■ Work task
Write the following entries out again exactly, skipping each image.

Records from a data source

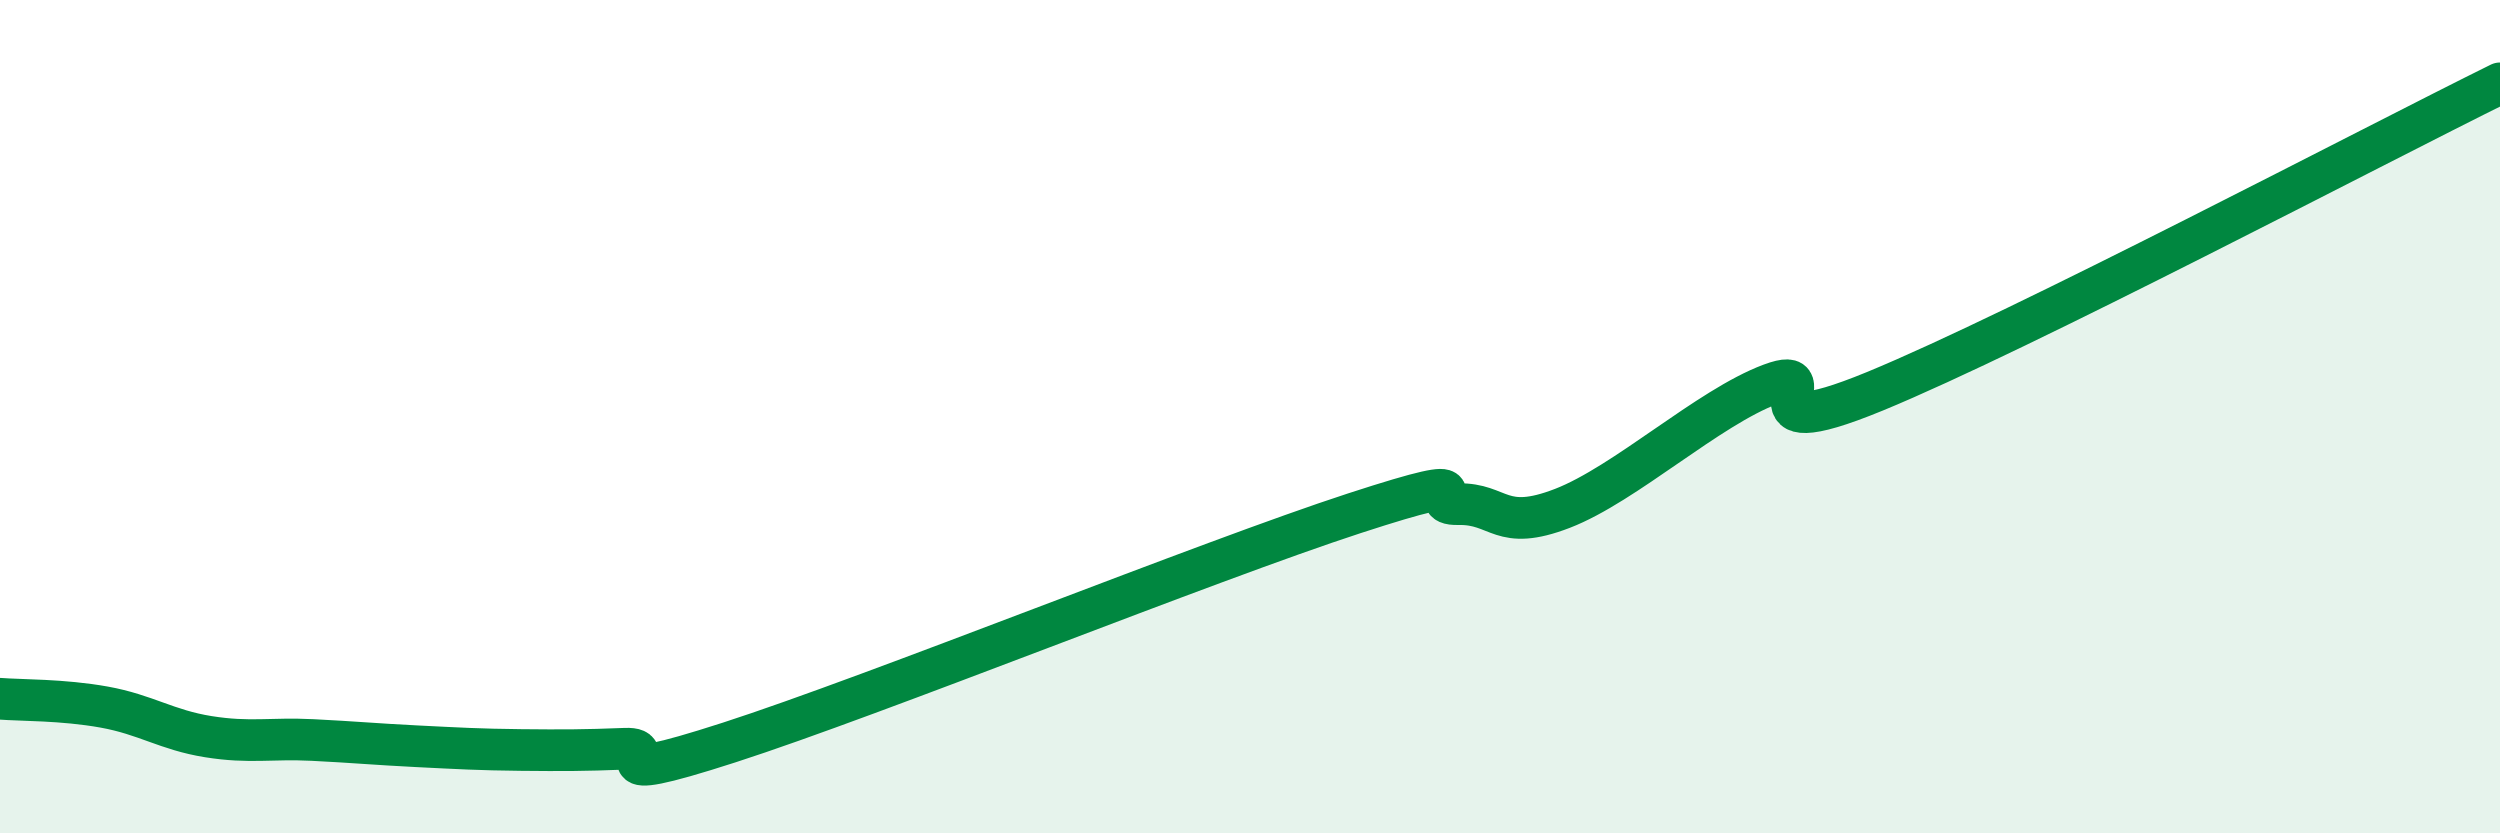 
    <svg width="60" height="20" viewBox="0 0 60 20" xmlns="http://www.w3.org/2000/svg">
      <path
        d="M 0,16.77 C 0.5,16.81 1.5,16.79 2.5,16.97 C 3.5,17.15 4,17.52 5,17.68 C 6,17.84 6.5,17.71 7.5,17.76 C 8.5,17.81 9,17.86 10,17.91 C 11,17.96 11.5,17.99 12.5,18 C 13.5,18.01 14,18.01 15,17.97 C 16,17.93 14,18.95 17.5,17.82 C 21,16.69 29,13.46 32.5,12.32 C 36,11.18 34,12.12 35,12.1 C 36,12.08 36,12.78 37.5,12.2 C 39,11.62 41,9.78 42.5,9.22 C 44,8.66 41.5,10.83 45,9.39 C 48.5,7.95 57,3.48 60,2L60 20L0 20Z"
        fill="#008740"
        opacity="0.1"
        stroke-linecap="round"
        stroke-linejoin="round"
      />
      <path
        d="M 0,16.77 C 0.5,16.81 1.5,16.79 2.5,16.97 C 3.5,17.15 4,17.52 5,17.68 C 6,17.84 6.5,17.71 7.5,17.76 C 8.5,17.81 9,17.86 10,17.91 C 11,17.96 11.5,17.99 12.5,18 C 13.5,18.01 14,18.01 15,17.97 C 16,17.93 14,18.95 17.5,17.82 C 21,16.69 29,13.46 32.5,12.32 C 36,11.18 34,12.12 35,12.1 C 36,12.08 36,12.78 37.5,12.2 C 39,11.62 41,9.78 42.5,9.22 C 44,8.66 41.5,10.83 45,9.39 C 48.5,7.95 57,3.48 60,2"
        stroke="#008740"
        stroke-width="1"
        fill="none"
        stroke-linecap="round"
        stroke-linejoin="round"
      />
    </svg>
  
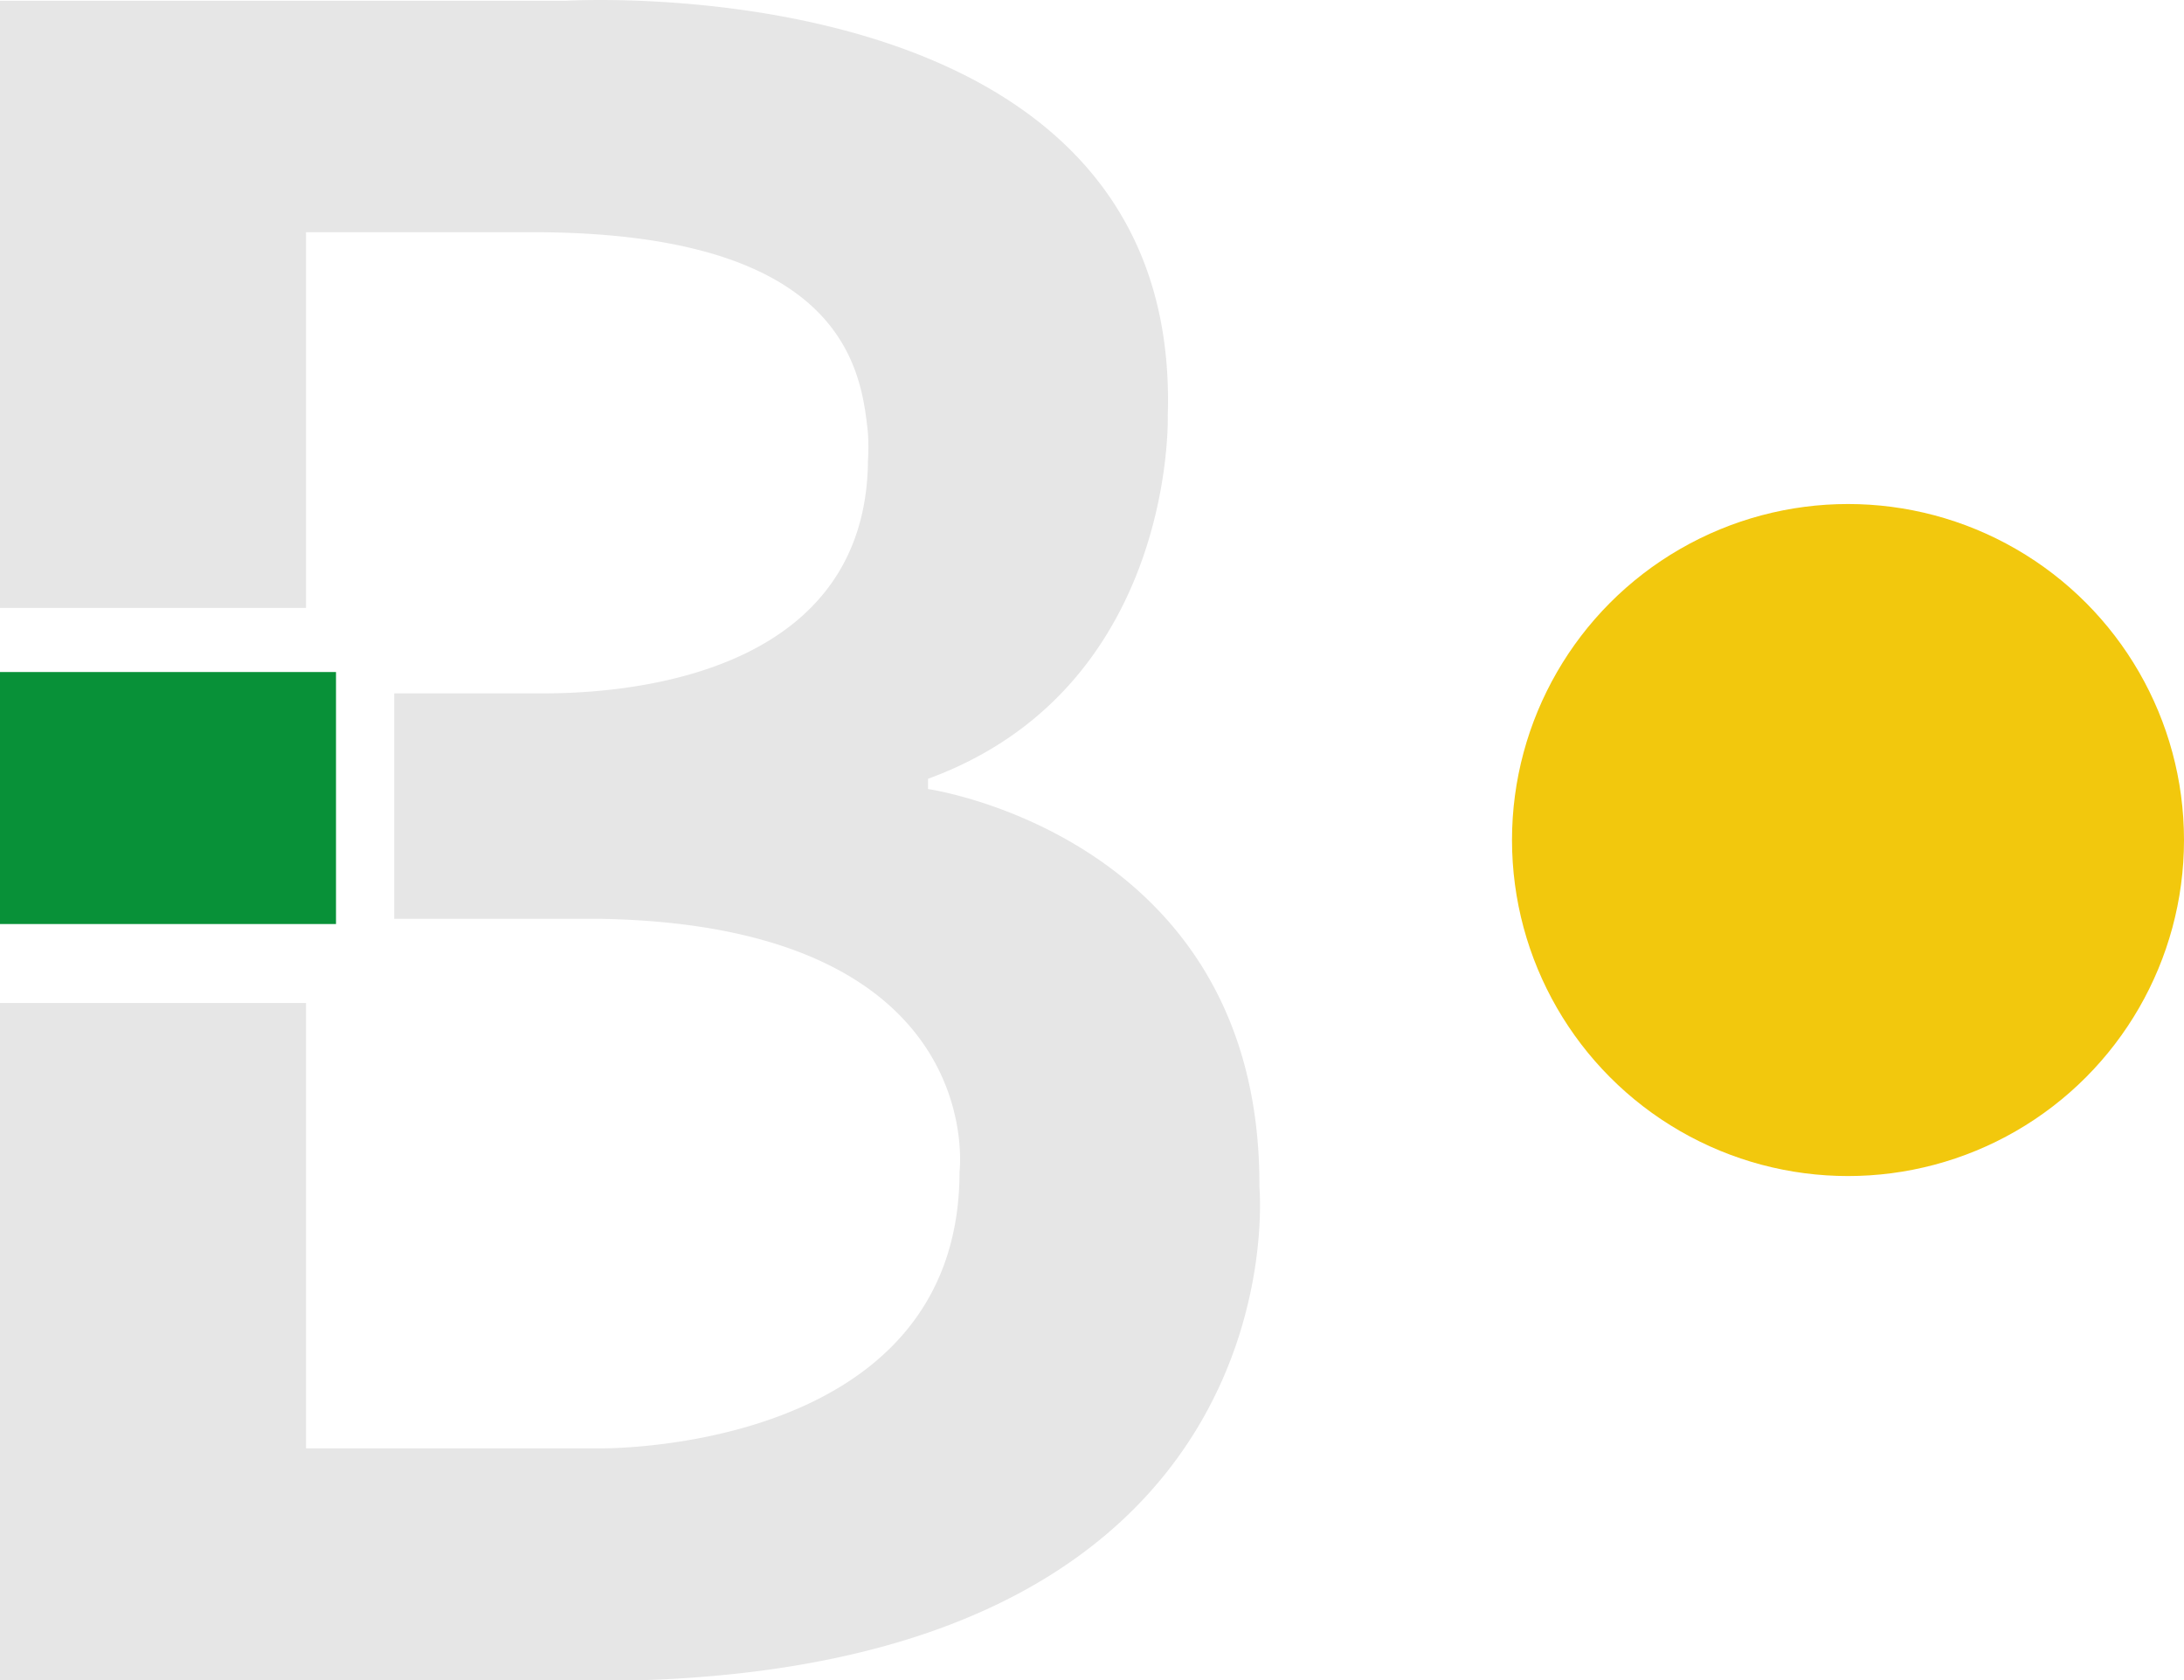 <svg width="26" height="20" viewBox="0 0 26 20" xmlns="http://www.w3.org/2000/svg">
    <g fill-rule="nonzero" fill="none">
        <path fill="#089138" d="M0 8h4v3H0z"/>
        <path d="M0 7.237V.01h6.722s7.349-.462 7.18 4.934c0 0 .1 3.247-2.854 4.327v.122s3.965.567 3.945 4.738c0 0 .523 5.591-7.301 5.869H0v-8.06h3.643v5.302H7.12s4.303.078 4.303-3.295c0 0 .362-2.93-4.279-3.009H4.693V8.254h1.654c.403 0 3.908.09 3.985-2.708v-.05a2.518 2.518 0 0 0 0-.349c-.08-.735-.266-2.383-3.997-2.383H3.643v4.473H0z" fill="#E6E6E6"/>
        <circle fill="#F2C80D" cx="22" cy="10" r="4"/>
    </g>
</svg>

■ Solution below
    <svg width="60" height="20" viewBox="0 0 60 20" xmlns="http://www.w3.org/2000/svg">
      <path
        d="M 0,16.77 C 0.5,16.81 1.5,16.79 2.5,16.97 C 3.5,17.15 4,17.52 5,17.68 C 6,17.84 6.5,17.71 7.5,17.76 C 8.5,17.81 9,17.86 10,17.91 C 11,17.96 11.5,17.99 12.5,18 C 13.5,18.01 14,18.01 15,17.97 C 16,17.93 14,18.95 17.5,17.82 C 21,16.69 29,13.46 32.5,12.32 C 36,11.18 34,12.12 35,12.1 C 36,12.08 36,12.78 37.5,12.2 C 39,11.62 41,9.78 42.5,9.22 C 44,8.66 41.5,10.83 45,9.39 C 48.5,7.95 57,3.48 60,2L60 20L0 20Z"
        fill="#008740"
        opacity="0.1"
        stroke-linecap="round"
        stroke-linejoin="round"
      />
      <path
        d="M 0,16.77 C 0.5,16.81 1.5,16.79 2.5,16.97 C 3.5,17.15 4,17.52 5,17.68 C 6,17.84 6.5,17.71 7.5,17.76 C 8.5,17.81 9,17.86 10,17.91 C 11,17.96 11.5,17.99 12.5,18 C 13.5,18.01 14,18.01 15,17.97 C 16,17.93 14,18.95 17.5,17.82 C 21,16.69 29,13.46 32.5,12.32 C 36,11.18 34,12.12 35,12.1 C 36,12.08 36,12.78 37.5,12.2 C 39,11.62 41,9.78 42.5,9.22 C 44,8.66 41.5,10.83 45,9.39 C 48.5,7.95 57,3.48 60,2"
        stroke="#008740"
        stroke-width="1"
        fill="none"
        stroke-linecap="round"
        stroke-linejoin="round"
      />
    </svg>
  
 <svg width="26" height="20" viewBox="0 0 26 20" xmlns="http://www.w3.org/2000/svg">
    <g fill-rule="nonzero" fill="none">
        <path fill="#089138" d="M0 8h4v3H0z"/>
        <path d="M0 7.237V.01h6.722s7.349-.462 7.18 4.934c0 0 .1 3.247-2.854 4.327v.122s3.965.567 3.945 4.738c0 0 .523 5.591-7.301 5.869H0v-8.06h3.643v5.302H7.12s4.303.078 4.303-3.295c0 0 .362-2.93-4.279-3.009H4.693V8.254h1.654c.403 0 3.908.09 3.985-2.708v-.05a2.518 2.518 0 0 0 0-.349c-.08-.735-.266-2.383-3.997-2.383H3.643v4.473H0z" fill="#E6E6E6"/>
        <circle fill="#F2C80D" cx="22" cy="10" r="4"/>
    </g>
</svg>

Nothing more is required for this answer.